How do I compute the summation for a function from 1 to n using Racket?

Question

Summation sum(2x-1, x=1...n). I have to write a recursive function to solve the sum.

(define (sum1 n)
  (if (= n 0)
      -1
      (+ n (- 1 (sum1 (* n 1))))))

This is what I have so far, I am so lost.

Answer 1

If you just want to output the sum, this is how I would do it:

#lang racket

(define (sum n)
  (if (= n 1)
     1
     (+ (-(* 2 n) 1) (sum (- n 1)))))

Answer 2

Your base case is 1 not 0 because you're only defining it from 1 to n. Therefore, the function is only defined over N. So we don't need to consider the 0 case for the function (it only consumes Ns).

Furthermore, the recursive call should add n applied to 2x-1 to the summation of the rest of the sequence.

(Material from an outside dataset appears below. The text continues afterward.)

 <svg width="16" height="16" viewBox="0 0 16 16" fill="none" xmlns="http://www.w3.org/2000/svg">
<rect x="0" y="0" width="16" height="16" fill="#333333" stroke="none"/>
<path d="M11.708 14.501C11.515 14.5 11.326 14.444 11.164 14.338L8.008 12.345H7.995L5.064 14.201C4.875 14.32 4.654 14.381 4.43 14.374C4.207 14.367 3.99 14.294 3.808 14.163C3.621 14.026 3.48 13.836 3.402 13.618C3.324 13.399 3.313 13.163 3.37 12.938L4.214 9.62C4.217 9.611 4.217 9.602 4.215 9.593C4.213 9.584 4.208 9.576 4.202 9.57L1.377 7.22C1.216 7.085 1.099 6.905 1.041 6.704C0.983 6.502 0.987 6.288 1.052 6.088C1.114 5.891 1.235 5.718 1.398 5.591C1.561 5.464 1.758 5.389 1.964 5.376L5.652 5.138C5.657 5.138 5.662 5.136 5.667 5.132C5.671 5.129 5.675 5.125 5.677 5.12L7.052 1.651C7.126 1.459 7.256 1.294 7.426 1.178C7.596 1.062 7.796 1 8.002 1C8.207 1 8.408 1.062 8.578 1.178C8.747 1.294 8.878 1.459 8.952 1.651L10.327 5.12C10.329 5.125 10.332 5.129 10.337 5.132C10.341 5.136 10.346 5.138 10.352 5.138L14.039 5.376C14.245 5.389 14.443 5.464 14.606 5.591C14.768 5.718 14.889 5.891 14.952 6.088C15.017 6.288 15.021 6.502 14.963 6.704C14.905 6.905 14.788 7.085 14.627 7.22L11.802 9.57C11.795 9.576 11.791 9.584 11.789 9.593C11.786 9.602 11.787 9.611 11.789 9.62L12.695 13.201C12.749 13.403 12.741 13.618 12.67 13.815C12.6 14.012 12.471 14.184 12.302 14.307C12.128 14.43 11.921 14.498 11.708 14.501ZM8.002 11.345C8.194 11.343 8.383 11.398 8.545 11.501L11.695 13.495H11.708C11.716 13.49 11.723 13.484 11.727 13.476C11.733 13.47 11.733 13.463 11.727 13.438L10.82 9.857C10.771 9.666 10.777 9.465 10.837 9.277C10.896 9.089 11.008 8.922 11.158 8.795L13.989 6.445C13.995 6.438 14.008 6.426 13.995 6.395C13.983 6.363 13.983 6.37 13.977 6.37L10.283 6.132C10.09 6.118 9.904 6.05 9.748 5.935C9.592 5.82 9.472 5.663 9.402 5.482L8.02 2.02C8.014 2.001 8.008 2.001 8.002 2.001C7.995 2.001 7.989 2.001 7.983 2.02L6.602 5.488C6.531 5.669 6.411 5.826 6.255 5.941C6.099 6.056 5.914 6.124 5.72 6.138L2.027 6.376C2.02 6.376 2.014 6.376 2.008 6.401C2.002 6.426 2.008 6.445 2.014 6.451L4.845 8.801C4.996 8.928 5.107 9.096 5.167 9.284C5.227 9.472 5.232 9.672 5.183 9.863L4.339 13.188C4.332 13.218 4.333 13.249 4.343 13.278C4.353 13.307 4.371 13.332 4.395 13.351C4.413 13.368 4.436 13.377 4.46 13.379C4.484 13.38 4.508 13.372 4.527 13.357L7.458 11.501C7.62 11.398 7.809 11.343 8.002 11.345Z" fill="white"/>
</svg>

Currently the function does not terminate because you are calling it on the same input (* n 1) = n. (sum1 n) => (sum1 n) => ...

#lang racket

(require rackunit)

;; N is one of:
;; - 1
;; - (+ 1 N)
;; interpretation: 1, 2, 3 ...

;; N -> Number
;; sums `(- (* 2 x) 1)` from 1 to n
(define (sum1 n)
  (if (= n 1)
      (- (* 2 1) 1) ;; = 1
      (+ (- (* 2 n) 1) (sum1 (- n 1)))))

(check-equal? (sum1 1) 1)
(check-equal? (sum1 10) 100)

Abstracting out the function:

;; [Number -> Number] N -> Number
;; sums of f from 1 to n
(define (summation f n)
  (if (= n 1)
      (f 1)
      (+ (f n) (summation f (- n 1)))))

(check-equal? (summation identity 5) (+ 1 2 3 4 5))
(check-equal? (summation sqr 3) (+ (sqr 1) (sqr 2) (sqr 3)))

(check-equal? (summation (λ (x) (- (* 2 x) 1)) 1) 1)
(check-equal? (summation (λ (x) (- (* 2 x) 1)) 10) 100)